This is hilarious to me. People are the ones who give stallions a bad name, it's really not the horse. Usually because people are afraid of them. God forbid he talk to another horse, next thing you know, he will bolt out of your hand rearing and striking, probably running over an innocent child...all just to breed some mare across the arena....geesh people. I was given this advice when it comes to studs...."IF YOU TREAT THEM LIKE A GLASS HORSE, THAT'S WHAT YOU'LL GET...A GLASS HORSE!!!" One who cracks under pressure, can't be taken off the property, can't be around kids, you name it...they will turn into a freaking night mare!!! But, it's not the horses fault. I was at a cutting clinic once...on my mare standing in between two studs...one who was an APHA cutting stud, like 15 years old...the other was a 5 year old QH...(who I later bred my mare to.) I will tell you this, neither one of those boys remotely even looked at my mare, or each other. My mare on the other hand, was beside herself. Yet, they were perfect gentlemen  Sounds to me like your in good hands OP  Never be afraid of your boy.
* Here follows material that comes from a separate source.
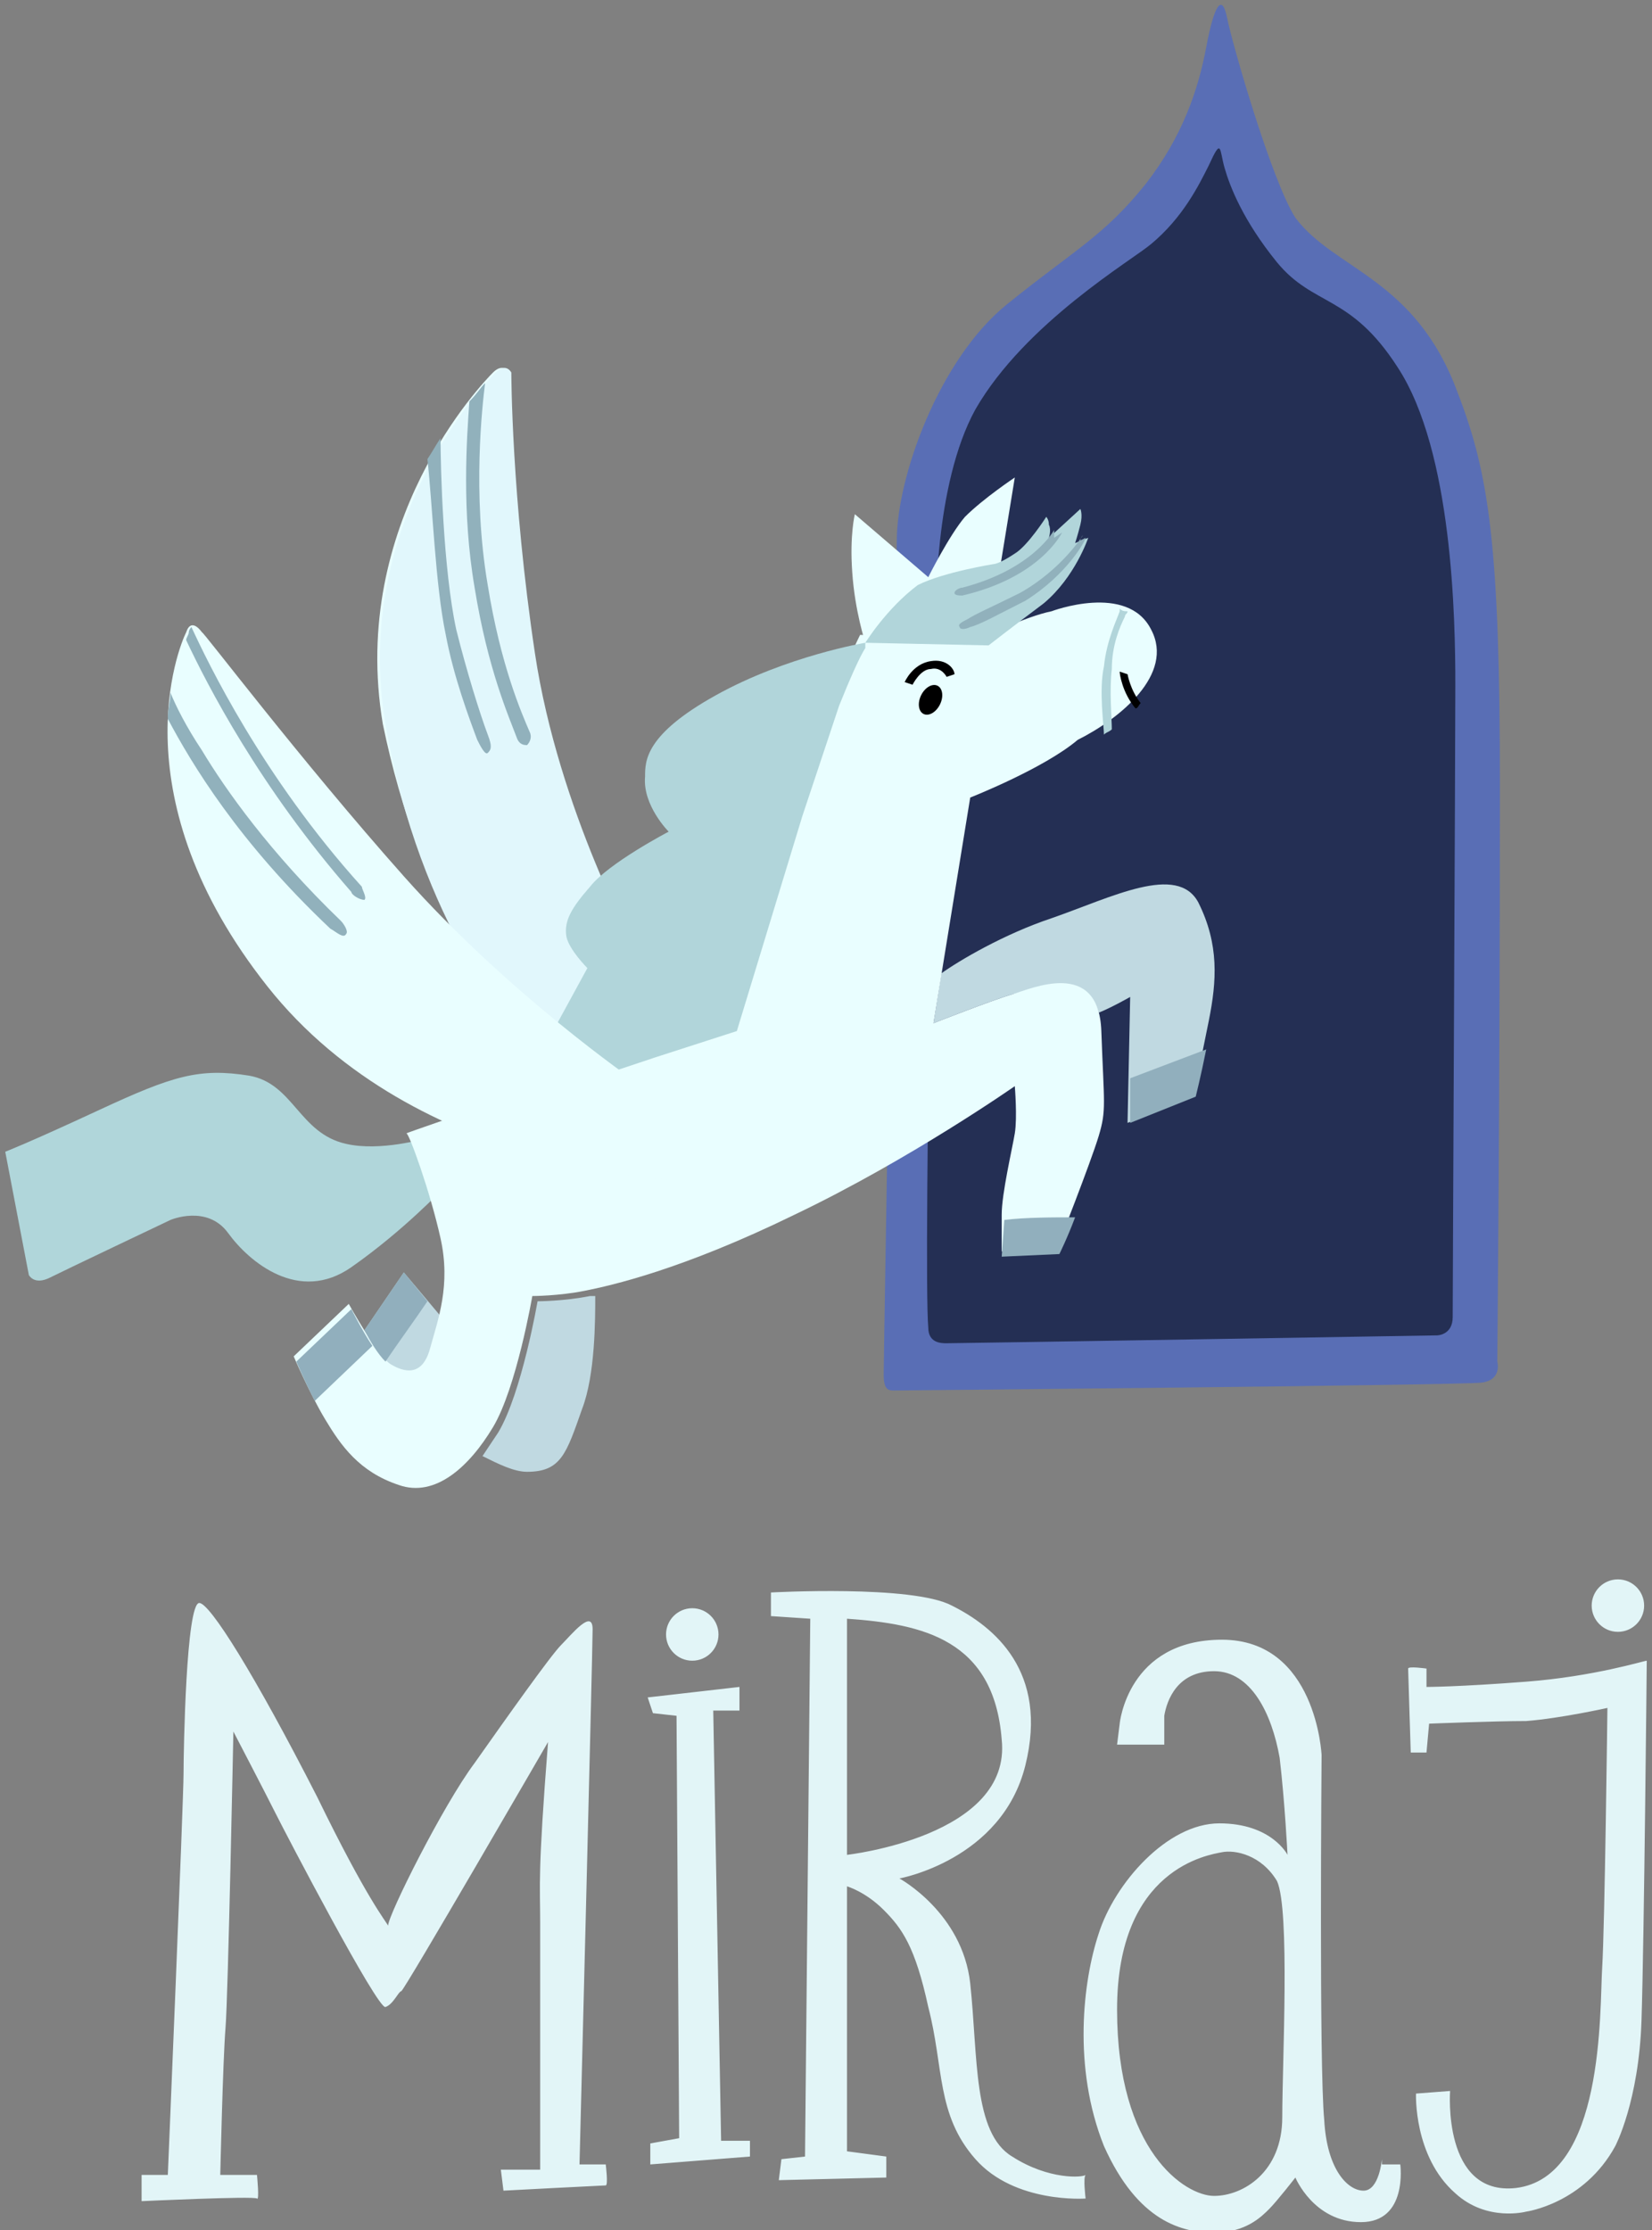 <svg xmlns="http://www.w3.org/2000/svg" viewBox="0 0 63 85"><rect x="0" y="0" width="63" height="85" fill="#808080" stroke="none"/><path fill="#596EB5" d="M55.6 15c1.2 3.1 1.6 5.9 1.6 15 0 11.8-.1 21.9-.1 21.9s.2.7-.6.8c-.7.1-22.2.3-22.4.3s-.4 0-.4-.6c0-.8.5-29.4.5-31.8 0-2.4 1.6-6.9 4.2-9S42.1 9 43.7 7c1.4-1.8 2-3.6 2.3-5.2s.6-2.1.8-1.1c.2 1 1.7 6.2 2.6 7.6 1.5 2 4.6 2.3 6.2 6.7z"/><path fill="#242F54" d="M43.9 9.3c-.7.6-4.8 3-6.7 6.3-1.6 2.9-1.5 7.8-1.5 7.8s-.5 24.9-.3 27.2c0 .6.5.6.7.6.6 0 18.7-.3 18.7-.3s.6 0 .6-.7c0-1.2.1-21.6.1-24.1s-.1-8.9-2.2-12.1c-1.8-2.8-3.2-2.3-4.6-4-1.3-1.6-1.8-2.9-2-3.6s-.1-1.2-.6-.1c-.4.8-1 2-2.2 3z"/><g fill="#E2F5F7"><circle cx="26.4" cy="62.3" r="1"/><circle cx="61.7" cy="61.2" r="1"/><path d="M58.2 64.1c-2.6.2-3.8.2-3.8.2v-.7s-.7-.1-.7 0 .1 3.2.1 3.2h.6l.1-1.1s2.5-.1 3.7-.1c1.3-.1 3.1-.5 3.1-.5s-.1 8.3-.2 9.9c-.1 1.6.1 8-3.3 8.4-2.8.3-2.5-3.7-2.5-3.7l-1.3.1s-.1 2.4 1.5 3.8c1.2 1.1 2.7.7 2.7.7s2.2-.3 3.4-2.5c0 0 .9-1.7 1-4.8s.2-13.7.2-13.7c-.1 0-2 .6-4.6.8zm-5.5 18.2s-.1 1.2-.7 1.2-1.4-.8-1.5-2.7c-.2-2-.1-13.9-.1-13.9s-.2-4.4-3.8-4.4c-3.6 0-3.9 3.2-3.9 3.2l-.1.8h1.8v-1.1c.1-.6.5-1.7 1.9-1.7s2.2 1.6 2.5 3.3c.2 1.7.3 3.7.3 3.7s-.6-1.2-2.6-1.2-4 2.3-4.6 4.2c-.6 1.8-1 5.1.2 8.1 1.3 2.9 3 3.3 4.2 3.3 1.2 0 1.8-.6 2.1-.9.3-.3 1-1.2 1-1.2s.7 1.7 2.5 1.7 1.5-2.2 1.5-2.2h-.7zm-3.8-1.6c0 2.1-1.5 3-2.6 3s-3.7-1.7-3.7-7.1c0-5.4 3.5-5.9 4-6 .5-.1 1.5.1 2.1 1.1.5 1.1.2 6.9.2 9zm-7.4 2.2zm-2.9-.7c-1.5-.9-1.3-3.8-1.6-6.6-.3-2.7-2.7-4-2.7-4s3.9-.7 4.8-4.3c.9-3.6-1.2-5.3-2.8-6.1-1.5-.8-6.9-.5-6.9-.5v.9l1.5.1-.2 20.5-.9.1-.1.8 4.1-.1v-.8l-1.5-.2V71.9s.7.2 1.4.9 1.2 1.4 1.7 3.7c.6 2.3.3 4.1 1.8 5.8 1.5 1.7 4.2 1.5 4.2 1.5s-.1-.8 0-.9c-.1.1-1.4.2-2.8-.7zm-6.3-11.5v-9c2.9.2 5.6.8 5.9 4.6.4 3.7-5.9 4.4-5.9 4.4zm-5.1-5.5h1v-.9l-3.5.4.2.6.9.1.1 16.1-1.1.2v.8l3.8-.3v-.6h-1.1l-.3-16.4zm-5.1 17.3s.5-19.6.5-20.4-.8.2-1.2.6c-.4.4-2.1 2.8-3.3 4.5-1.2 1.6-3.3 5.8-3.3 6.2-.1-.2-.8-1-2.7-4.9-2.4-4.7-4.1-7.4-4.5-7.4-.5 0-.6 5.6-.6 6.5 0 1-.6 15.3-.6 15.3h-1v1s4.3-.2 4.4-.1c.1.1 0-.9 0-.9H8.4s.1-4.4.2-5.6.3-11.3.3-11.3 1.2 2.3 1.6 3.1c.4.8 3.9 7.5 4.2 7.4.3-.1.5-.6.6-.6.1 0 5.6-9.5 5.6-9.5-.4 5.1-.3 5.4-.3 6.9v9.4h-1.5l.1.8s3.8-.2 3.9-.2c.1 0 0-.8 0-.8h-1z"/></g><path fill="#C0D9E1" d="M45.7 34.4c-.8-1.5-3.3-.2-5.6.6-1.8.6-3.5 1.6-4.2 2.1l-.3 1.9s2.3-.9 3-1.1c.6-.1 2.8-1.1 3.3.7.5-.2 1.2-.6 1.2-.6l-.1 4.8 2.5-1s.3-1.4.6-2.9.4-2.9-.4-4.5z"/><path fill="#E9FEFF" d="M17.4 35.6c1.4 1.4 2.8 2.5 3.9 3.5l1.2-2.2s-.7-.7-.8-1.2c-.1-.5.2-1 .9-1.9l.3-.3c-.9-2.1-2.1-5.3-2.6-8.6-.9-6-.9-10.7-.9-10.7s-.2-.4-.6 0c-.4.4-5.5 5.7-4.2 13.4.7 3.4 1.8 6.1 2.8 8z"/><path fill="#B0D6DA" d="M16.2 43.4s-1.7.5-3 .2c-1.8-.4-2-2.3-3.7-2.6-1.9-.3-2.9 0-5.7 1.3C1 43.6.2 43.9.2 43.9l.9 4.7s.2.4.8.1 4.6-2.2 4.6-2.2 1.4-.6 2.2.5 2.7 2.7 4.7 1.3 3.5-3 3.5-3l-.7-1.9z"/><path d="M15.1 52.3c.5.3 1.2.5 1.5-.6.1-.4.3-.8.4-1.3l-1.6-1.9-1.5 2.2c.4.6.9 1.4 1.2 1.6zm7.4-2.9c-1 .2-2 .2-2 .2s-.6 3.5-1.5 5l-.6.9c.6.3 1.2.6 1.7.6 1.3 0 1.5-.7 2.1-2.4.5-1.3.5-3.4.5-4.3h-.2z" fill="#C0D9E1"/><path fill="#E9FEFF" d="M37 30.4L35.6 39s2.3-.9 3-1.1c.7-.2 3.3-1.4 3.4 1.4.1 2.8.2 3-.1 4s-1.6 4.3-1.6 4.3l-2.1.1v-1.4c0-.8.4-2.5.5-3.1.1-.6 0-1.8 0-1.8s-4 2.8-8.4 4.9c-4.3 2.1-7 2.7-8 2.9s-2 .2-2 .2-.6 3.5-1.5 5-2.2 2.7-3.6 2.2c-1.5-.5-2.2-1.5-2.8-2.5s-1.2-2.4-1.2-2.4l2.1-2s1.1 2 1.6 2.3c.5.3 1.2.5 1.5-.6.3-1.1.8-2.4.4-4.2s-1.2-4-1.3-4 9.3-3.2 9.3-3.2l3.1-1s1.8-5.9 2.5-8.2l1.4-4.2c.4-1.2 1-2.4 1-2.4l4.7.1s1.6-.8 2.6-1c0 0 2.9-1.1 3.8.7.9 1.7-1.2 3.4-2.8 4.2-1.3 1.1-4.1 2.2-4.1 2.2z"/><path fill="#E1F7FC" d="M24.3 36.3s-3-5.4-3.9-11.4-.9-10.7-.9-10.7-.2-.4-.6 0c-.4.4-5.5 5.7-4.2 13.4s5.1 11.8 5.1 11.8l2.2 1.1 2.3-4.2z"/><path fill="#E9FEFF" d="M33 24.5s-.4-1.2-.5-2.7c-.1-1.4.1-2.2.1-2.2l2.8 2.4s.8-1.6 1.4-2.3c.7-.7 1.9-1.5 1.9-1.5s-1 6.1-1 6.2c0 .1-4.7.1-4.7.1z"/><ellipse transform="rotate(26.324 35.546 26.66)" cx="35.5" cy="26.7" rx=".4" ry=".6"/><path d="M34.8 26.1l-.3-.1s.3-.7 1-.8c.6-.1.9.3.9.5l-.3.1s-.2-.4-.6-.3c-.4 0-.7.6-.7.6z"/><path fill="#91AFBD" d="M13.4 49.9l-2.1 2s.3.7.7 1.5l2.2-2.1c-.4-.6-.8-1.4-.8-1.4zm1.3 2c.4-.6 1.2-1.7 1.6-2.3l-.9-1.1-1.5 2.2c.2.4.5.9.8 1.2zm23.6-5.4l-.1 1.4 2.2-.1s.3-.6.6-1.4c-.8 0-1.9 0-2.7.1zm4.8-5.4v1.7l2.5-1s.2-.8.4-1.8l-2.9 1.1z"/><path fill="#B1D5DA" d="M33 24.5l4.7.1s.9-.7 2.1-1.6c1.2-1 1.7-2.5 1.7-2.5l-.5.2s.1-.3.2-.7c.1-.4 0-.6 0-.6L40 20.5s.1-.3 0-.5c0-.2-.1-.3-.1-.3s-.7 1.1-1.2 1.4c-.6.4-.8.4-.8.4s-1.9.3-2.9.8c-1.2.9-2 2.2-2 2.2zm0 0s-3 .5-5.7 2-2.7 2.5-2.7 3.1c-.1 1.1.9 2.1.9 2.1s-2.3 1.2-3 2.1c-.7.8-1 1.3-.9 1.9.1.5.8 1.2.8 1.2l-1.2 2.2c1 .8 1.8 1.4 2.3 1.7l1.5-.5 3.1-1s1.8-5.9 2.5-8.2l1.4-4.2c.4-1 .8-1.9 1-2.2v-.2z"/><path fill="#E9FEFF" d="M24.2 41.2s-4.8-3.3-8.8-7.8-7.7-9.4-7.7-9.3c0 0-.4-.6-.6 0-.3.6-2.6 6.3 3.1 13.5S26.1 45 26.1 45l-1.9-3.8z"/><path fill="#91B1BC" d="M20.2 27.9c-.3-.7-1.1-2.5-1.6-5.6-.6-3.5-.2-6.9-.1-7.7-.2.2-.3.4-.6.7-.1 1.4-.3 4.2.2 7.1.5 3.1 1.3 4.9 1.6 5.7.1.3.3.3.4.3.1-.1.2-.3.1-.5zM17 24.2c.3 1.6.9 3.2 1.2 4 .1.2.3.6.4.5.1-.1.2-.2 0-.7-.3-.8-.8-2.4-1.2-4-.5-2.3-.6-6.2-.6-7.3-.2.3-.3.5-.5.8.2 1.8.3 4.8.7 6.7zm-3.1 10.1c.1-.1-.1-.4-.1-.5-3.8-4.2-5.9-8.6-6.5-9.9 0 0-.1.1-.1.2s-.1.2-.1.3c.8 1.7 2.8 5.6 6.3 9.6 0 .1.3.3.5.3zm-7.4-7.9c0 .3-.1.6-.1 1 .9 1.7 2.7 4.7 6.2 8 .2.1.5.4.6.2.1-.1-.1-.4-.2-.5-2.7-2.6-4.4-5-5.3-6.5-.6-.9-1-1.7-1.2-2.2zm34.9-5.9l-.2.1s0-.1.1-.2c0 0-.8 1.3-2.4 2.2-1 .5-1.7.8-2 1-.2.1-.4.2-.3.3 0 .1.2.1.4 0 .4-.1 1.1-.5 2.1-1 1.6-1 2.3-2.3 2.3-2.4zm-.9-.2l-.3.2v-.3s-.8 1.5-3.5 2.2c-.1 0-.3.1-.3.2s.2.1.3.1c3-.7 3.8-2.4 3.8-2.4z"/><path d="M43.5 26.8c-.4-.5-.5-1.1-.5-1.1l-.3-.1c0 .1.1.8.6 1.4.1 0 .1-.1.2-.2z"/><path fill="#B1D5DA" d="M42.9 23.5c0-.1.1-.1.1-.2-.1 0-.2 0-.3-.1v.1c-.1.3-.5 1.1-.6 2.1-.2.9 0 2.3 0 2.6.1-.1.2-.1.3-.2 0-.4-.1-1.5 0-2.3 0-.9.3-1.6.5-2z"/></svg>

Just keep him respectful, and you should be fine together.


----------



## wild horses (Feb 11, 2011)

Hey I work with wild stallions, as in mature been runing wild on the moutains wild stallions who have been mustered up and put up for adoption. They arrive completely unhandled two days from muster on the back of a stock truck. So I have a wee bIt of experiance with stallions, just to add I'm a very petite girl.

These boys are wonderful, and with correct handling should never behave any differant from a gelding. My boys even mature breeding stallions graze and are paddocked together. I always pity stallions who live there whole lives isolated. Mine are all handled around mares, and all learn to be led off a mare, trailered next to mares etc and learn that breeding is not an option.

My tips are
1. As soon as your around them they are not allowed to whinny, look, be distracted by other horses. Always attention on you. In a nice way,j don't have to be rough with them 
2. Never let the sniff any horse poo, or exhibit any of this kind of behaviour when your handling them 
3. Agressivebehaviour is never acceptable.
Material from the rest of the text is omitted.